The people in Alex’s life are also pretty quirky. Alex knows about tarot cards from his hippy, dippy, trippy mother who owns a shop where she reads cards and sells things like crystals, candles, and books about Wicca and astrology. She’s a really cool mother, even if Alex can’t always see it. Mr. Peterson is also pretty cool in that he’s at that great stage in life where he doesn’t give a damn what anyone think so he’s going to say and do any damn thing he pleases, including enjoying his daily dose of Mary Jane.

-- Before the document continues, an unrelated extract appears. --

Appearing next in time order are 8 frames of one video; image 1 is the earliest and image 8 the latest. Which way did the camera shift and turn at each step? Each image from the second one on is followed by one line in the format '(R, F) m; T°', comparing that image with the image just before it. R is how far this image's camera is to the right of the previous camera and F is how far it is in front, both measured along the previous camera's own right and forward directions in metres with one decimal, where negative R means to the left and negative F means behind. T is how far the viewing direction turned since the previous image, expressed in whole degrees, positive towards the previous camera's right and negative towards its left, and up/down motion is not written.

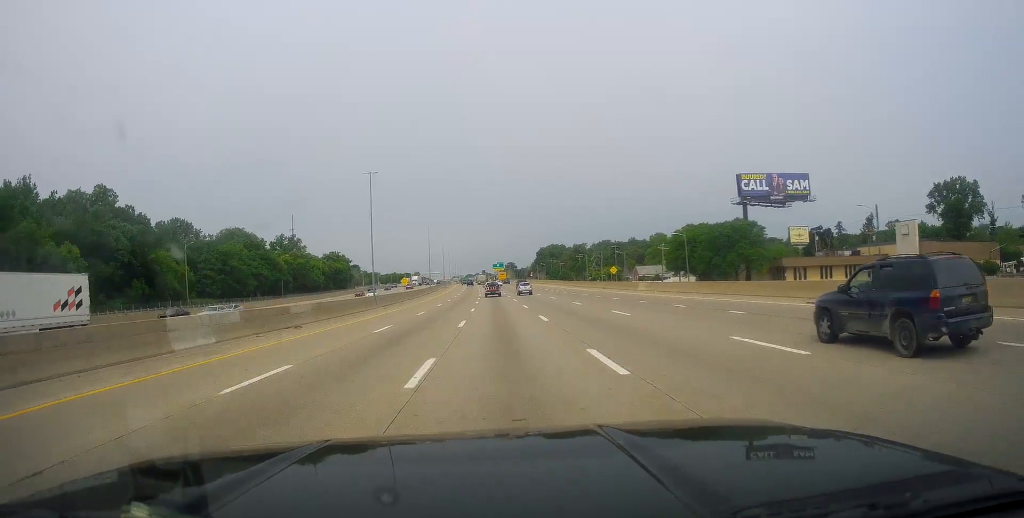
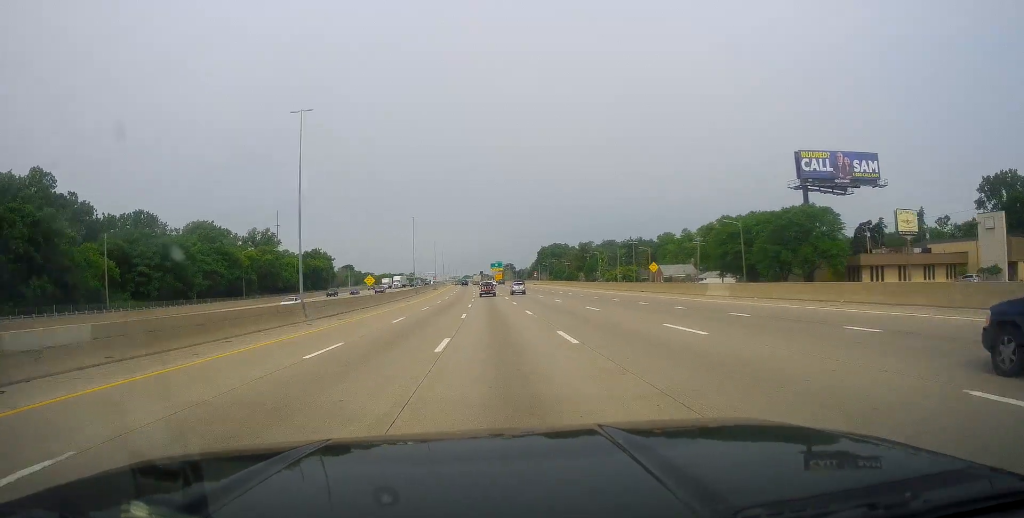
(+0.4, +24.2) m; 0°
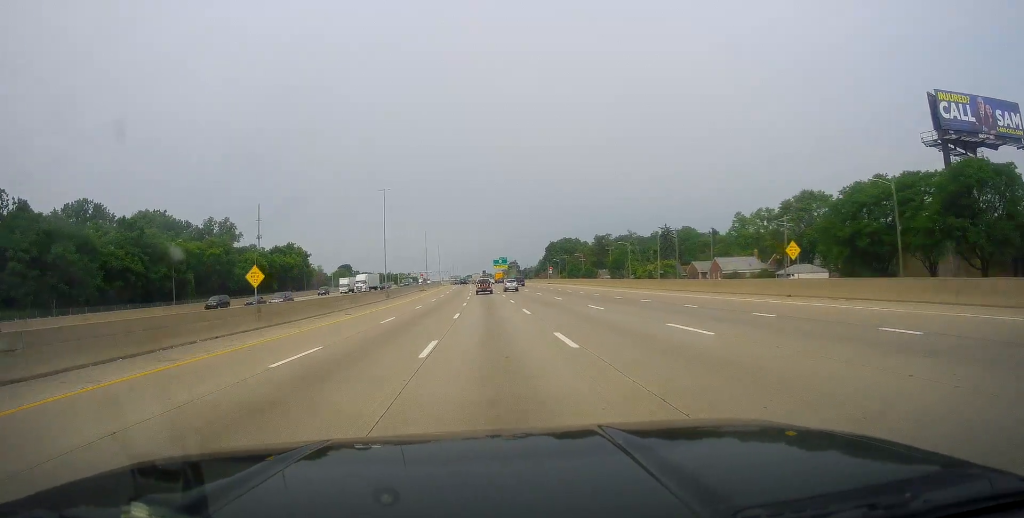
(-0.4, +32.8) m; -1°
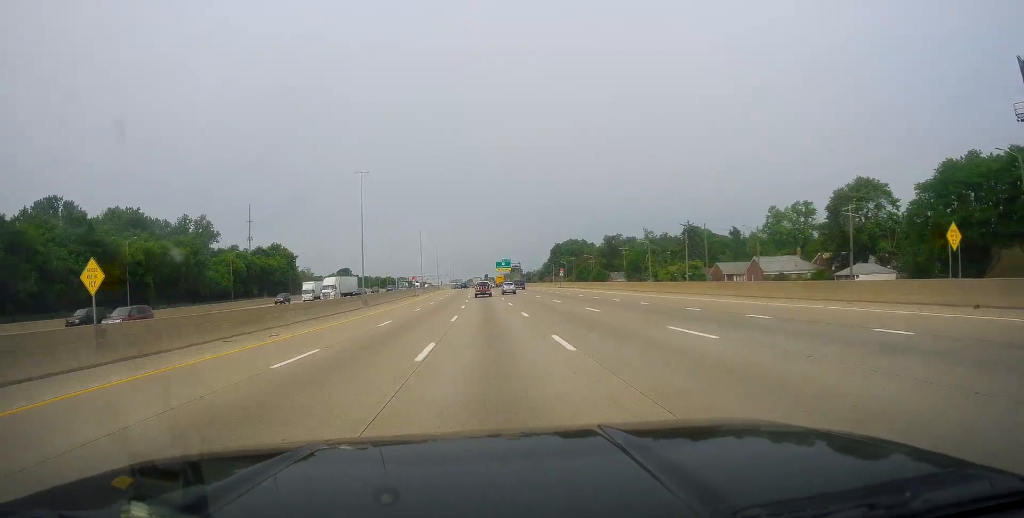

I really like stories of young people being taught lessons by ornery old folks. We’ve seen this before, this isn’t anything new, but for me it never gets old. The generational differences, the differences in experiences, and they way they grow and learn from each other is what draws me to these kinds of stories, and this is a great one. It’s about friendship, family, science, death, human rights, mathematics, religion, and a little bit of Kurt Vonnegut and I loved it.